Please guide me whats wrong in the code snippet. And I have to implement this scenario user- > index- > actions.

ajit · May 29, 2018, 12:19pm

After adding actions in above snippet my user not getting logged in kibana. after removing action User is able to login into kibana. I need index + actions.

sscarduzio · May 29, 2018, 12:19pm

@ajit if you want a user to login into Kibana you need either:

auth_key AND kibana_access -> logins ok, but it won’t be able to operate from dev tools
auth_key -> logins ok, can do anything in ES through dev tools
(auth_key AND kibana_access) + (auth_key + actions + indices) -> two ACL blocks: one for Kibana login, and the other for operating their indices like they want.

This is an example of the latter:


- name: “user1 for kibana"
  auth_key: user1:user1
  kibana_access: rw 
  indices: [”.kibana", “index1”]
  kibana_hide_apps: [“readonlyrest_kbn”]

- name: “user1 extra actions to operate index1 from devtools"
  auth_key: user1:user1
  actions: [“indices:data/read/","indices:data/write/”,“indices:admin/template/*”,“indices:admin/create”]
  indices: [“index1”]
  kibana_hide_apps: [“readonlyrest_kbn”]

ajit · May 29, 2018, 12:44pm

Thanks, Issue has been resolved.
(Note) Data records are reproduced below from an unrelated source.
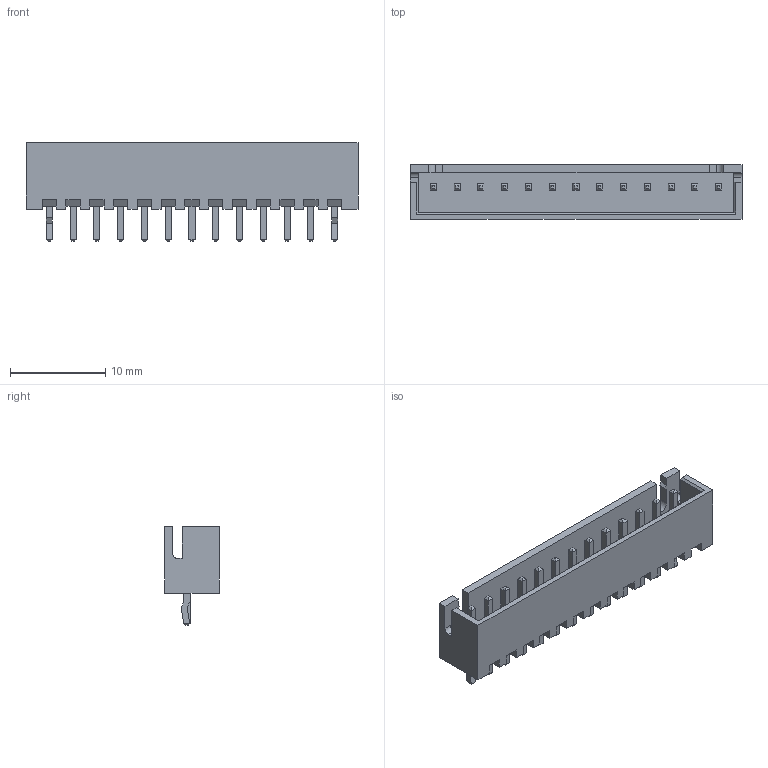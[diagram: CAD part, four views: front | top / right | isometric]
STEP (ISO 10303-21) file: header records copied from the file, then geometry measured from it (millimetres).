
FILE_DESCRIPTION(/* description */ ('model of JST_XH_B13B-XH-A_13x2.50mm_Straight.'),/* implementation_level */ FILE_NAME(/* name */ 'JST_XH_B13B-XH-A_13x2.50mm_Straight..stp',/* time_stamp */ '2017-02-23T14:29:07',/* author */ ('Rene Poeschl',''),/* organization */ (''),/* preprocessor_version */ '',/* originating_system */ '',/* authorisation */ '');
FILE_NAME(/* name */ 'JST_XH_B13B-XH-A_13x2.50mm_Straight..stp',/* time_stamp */ '2017-02-23T14:29:07',/* author */ ('Rene Poeschl',''),/* organization */ (''),/* preprocessor_version */ '',/* originating_system */ '',/* authorisation */ '');
FILE_SCHEMA(('AUTOMOTIVE_DESIGN_CC2 { 1 2 10303 214 -1 1 5 4 }'));
Length unit declared in the file: millimetre
Products named in the file (1): B13B_XH_A
Bounding box: 34.9 x 5.75 x 10.4 mm (x, y, z)
Volume: 656.5 mm3; surface area: 1660.6 mm2
Topology: 1 solids, 1 shells, 357 faces, 891 edges, 562 vertices
Faces by surface type: plane 353, cylinder 4
Entity records: 24141 total; most frequent: CARTESIAN_POINT 3850, DIRECTION 3150, LINE 2412, VECTOR 2412, ORIENTED_EDGE 1782, PCURVE 1782, DEFINITIONAL_REPRESENTATION 1782, EDGE_CURVE 891
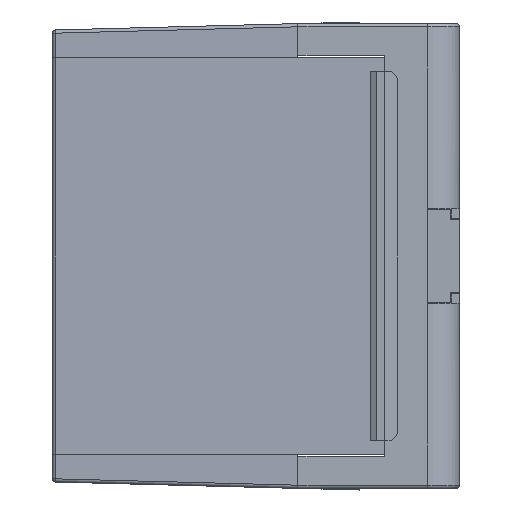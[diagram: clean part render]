
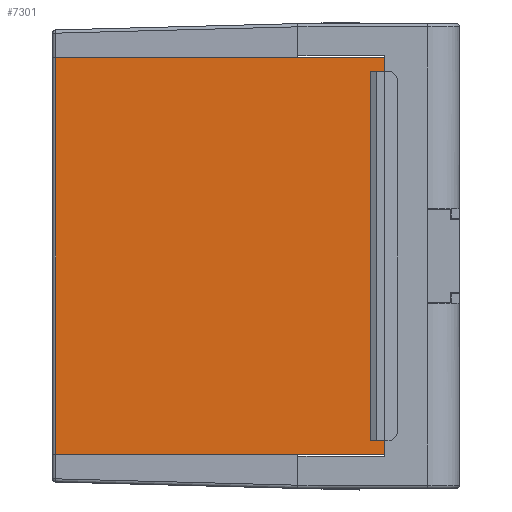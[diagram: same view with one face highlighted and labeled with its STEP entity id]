
A CAD part, left-side view. The second image highlights one B-rep face of the part: STEP entity #7301.
In plain terms, the highlighted planar face has unit normal (-1, 0.016, 0).
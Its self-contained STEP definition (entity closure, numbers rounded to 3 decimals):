
#259 = LINE ( 'NONE', #6371, #13363 ) ;
#350 = ORIENTED_EDGE ( 'NONE', *, *, #7522, .F. ) ;
#928 = LINE ( 'NONE', #15847, #15831 ) ;
#964 = CARTESIAN_POINT ( 'NONE',  ( -44.92, 13.392, -66.74 ) ) ;
#968 = VERTEX_POINT ( 'NONE', #1130 ) ;
#1130 = CARTESIAN_POINT ( 'NONE',  ( -45.099, 2.135, -64.64 ) ) ;
#1274 = EDGE_CURVE ( 'NONE', #11995, #3716, #10290, .T. ) ;
#1307 = PLANE ( 'NONE',  #3575 ) ;
#1530 = VECTOR ( 'NONE', #16444, 1000. ) ;
#1795 = LINE ( 'NONE', #6054, #6262 ) ;
#2132 = CARTESIAN_POINT ( 'NONE',  ( -45.099, 2.135, -139.871 ) ) ;
#2505 = CARTESIAN_POINT ( 'NONE',  ( -44.32, 50.901, -5.26 ) ) ;
#2506 = VERTEX_POINT ( 'NONE', #5221 ) ;
#2512 = DIRECTION ( 'NONE',  ( 1., -0.016, 0. ) ) ;
#2547 = VERTEX_POINT ( 'NONE', #4178 ) ;
#3258 = DIRECTION ( 'NONE',  ( 0.016, 1., 0. ) ) ;
#3575 = AXIS2_PLACEMENT_3D ( 'NONE', #11574, #2512, #3853 ) ;
#3716 = VERTEX_POINT ( 'NONE', #13477 ) ;
#3766 = CARTESIAN_POINT ( 'NONE',  ( -45.099, 2.135, -7.36 ) ) ;
#3830 = VECTOR ( 'NONE', #8166, 1000. ) ;
#3853 = DIRECTION ( 'NONE',  ( 0.016, 1., 0. ) ) ;
#4178 = CARTESIAN_POINT ( 'NONE',  ( -45.134, 0., -7.36 ) ) ;
#4279 = VERTEX_POINT ( 'NONE', #6571 ) ;
#4344 = CARTESIAN_POINT ( 'NONE',  ( -45.134, 0., 67.871 ) ) ;
#4626 = CARTESIAN_POINT ( 'NONE',  ( -45.134, 0., -66.74 ) ) ;
#5093 = EDGE_CURVE ( 'NONE', #15517, #14228, #6310, .T. ) ;
#5221 = CARTESIAN_POINT ( 'NONE',  ( -44.32, 50.901, -5.26 ) ) ;
#5339 = DIRECTION ( 'NONE',  ( 0., 0., 1. ) ) ;
#5584 = VECTOR ( 'NONE', #3258, 1000. ) ;
#5711 = EDGE_CURVE ( 'NONE', #968, #4279, #9900, .T. ) ;
#6054 = CARTESIAN_POINT ( 'NONE',  ( -44.32, 50.901, -66.74 ) ) ;
#6262 = VECTOR ( 'NONE', #11403, 1000. ) ;
#6310 = LINE ( 'NONE', #2505, #12544 ) ;
#6371 = CARTESIAN_POINT ( 'NONE',  ( -44.32, 50.901, -139.871 ) ) ;
#6444 = FACE_OUTER_BOUND ( 'NONE', #10366, .T. ) ;
#6571 = CARTESIAN_POINT ( 'NONE',  ( -45.134, 0., -64.64 ) ) ;
#6599 = LINE ( 'NONE', #2132, #1530 ) ;
#6886 = DIRECTION ( 'NONE',  ( 0.016, 1., 0. ) ) ;
#7088 = ORIENTED_EDGE ( 'NONE', *, *, #5093, .T. ) ;
#7232 = VECTOR ( 'NONE', #13395, 1000. ) ;
#7301 = ADVANCED_FACE ( 'NONE', ( #6444 ), #1307, .F. ) ;
#7522 = EDGE_CURVE ( 'NONE', #4279, #12033, #16700, .T. ) ;
#7567 = CARTESIAN_POINT ( 'NONE',  ( -44.32, 50.901, -7.36 ) ) ;
#7631 = ORIENTED_EDGE ( 'NONE', *, *, #1274, .F. ) ;
#8010 = CARTESIAN_POINT ( 'NONE',  ( -44.92, 13.392, -5.26 ) ) ;
#8137 = EDGE_CURVE ( 'NONE', #14228, #2506, #14420, .T. ) ;
#8166 = DIRECTION ( 'NONE',  ( 0.016, 1., 0. ) ) ;
#8338 = EDGE_CURVE ( 'NONE', #968, #15251, #6599, .T. ) ;
#8927 = DIRECTION ( 'NONE',  ( -0.016, -1., 0. ) ) ;
#9343 = CARTESIAN_POINT ( 'NONE',  ( -44.32, 50.901, -66.74 ) ) ;
#9487 = ORIENTED_EDGE ( 'NONE', *, *, #10601, .F. ) ;
#9606 = ORIENTED_EDGE ( 'NONE', *, *, #8338, .T. ) ;
#9900 = LINE ( 'NONE', #13035, #13099 ) ;
#10084 = LINE ( 'NONE', #7567, #16523 ) ;
#10290 = LINE ( 'NONE', #9343, #3830 ) ;
#10366 = EDGE_LOOP ( 'NONE', ( #9606, #11728, #11570, #7088, #14514, #9487, #7631, #11937, #350, #12885 ) ) ;
#10601 = EDGE_CURVE ( 'NONE', #3716, #2506, #259, .T. ) ;
#11403 = DIRECTION ( 'NONE',  ( 0.016, 1., 0. ) ) ;
#11570 = ORIENTED_EDGE ( 'NONE', *, *, #13435, .T. ) ;
#11574 = CARTESIAN_POINT ( 'NONE',  ( -44.32, 50.901, -139.871 ) ) ;
#11603 = DIRECTION ( 'NONE',  ( -0.016, -1., 0. ) ) ;
#11728 = ORIENTED_EDGE ( 'NONE', *, *, #12886, .T. ) ;
#11937 = ORIENTED_EDGE ( 'NONE', *, *, #12797, .F. ) ;
#11995 = VERTEX_POINT ( 'NONE', #964 ) ;
#12033 = VERTEX_POINT ( 'NONE', #4626 ) ;
#12323 = CARTESIAN_POINT ( 'NONE',  ( -44.32, 50.901, -5.26 ) ) ;
#12544 = VECTOR ( 'NONE', #6886, 1000. ) ;
#12797 = EDGE_CURVE ( 'NONE', #12033, #11995, #1795, .T. ) ;
#12885 = ORIENTED_EDGE ( 'NONE', *, *, #5711, .F. ) ;
#12886 = EDGE_CURVE ( 'NONE', #15251, #2547, #10084, .T. ) ;
#13035 = CARTESIAN_POINT ( 'NONE',  ( -44.32, 50.901, -64.64 ) ) ;
#13099 = VECTOR ( 'NONE', #11603, 1000. ) ;
#13363 = VECTOR ( 'NONE', #16557, 1000. ) ;
#13395 = DIRECTION ( 'NONE',  ( 0., 0., -1. ) ) ;
#13435 = EDGE_CURVE ( 'NONE', #2547, #15517, #928, .T. ) ;
#13477 = CARTESIAN_POINT ( 'NONE',  ( -44.32, 50.901, -66.74 ) ) ;
#14228 = VERTEX_POINT ( 'NONE', #8010 ) ;
#14420 = LINE ( 'NONE', #12323, #5584 ) ;
#14514 = ORIENTED_EDGE ( 'NONE', *, *, #8137, .T. ) ;
#14640 = CARTESIAN_POINT ( 'NONE',  ( -45.134, 0., -5.26 ) ) ;
#15251 = VERTEX_POINT ( 'NONE', #3766 ) ;
#15517 = VERTEX_POINT ( 'NONE', #14640 ) ;
#15831 = VECTOR ( 'NONE', #5339, 1000. ) ;
#15847 = CARTESIAN_POINT ( 'NONE',  ( -45.134, 0., -139.871 ) ) ;
#16444 = DIRECTION ( 'NONE',  ( 0., 0., 1. ) ) ;
#16523 = VECTOR ( 'NONE', #8927, 1000. ) ;
#16557 = DIRECTION ( 'NONE',  ( 0., 0., 1. ) ) ;
#16700 = LINE ( 'NONE', #4344, #7232 ) ;

We are almost done. Need some more help.
After starting elasticsearch to test in browser I am getting forbidden 403 error. Now kibana is working fine.

In browser I am getting below message and my ulr is:
https://172.21.153.176:9200/index1/_search
Error is:
{“error”:{“root_cause”:[{“reason”:“forbidden”}],“reason”:“forbidden”},“status”:403}

Please guide on this.

sscarduzio · May 29, 2018, 1:24pm

Wait, you have set up the authentication, therefore if you point the browser to ES, it will show forbidden. Why do you instead expect this to work?

ajit · May 29, 2018, 1:58pm

Need to check data of index in browser.

ajit · May 29, 2018, 2:03pm

One more request, I don’t want to show passwords of users in security file. Is there any way to create users using GUI. I don’t want to create users manually and there passwords. Please provide solution on this.

sscarduzio · May 30, 2018, 6:07am

Hi @ajit,

You have many possibilities to avoid typing clear text passwords and/or manage users less “manually”:

store hashed passwords in the YAML settings using auth_key_sha256
inject users password as environmental variables when you deploy elasticsearch (requires node restart)
use our LDAP connector and manage users there.
rely on another website’s basic authentication
authenticate users with a proxy and then redirect them to Kibana with a valid JWT token

Did you have something else in mind? Please share some feedback about your original expectations about our product.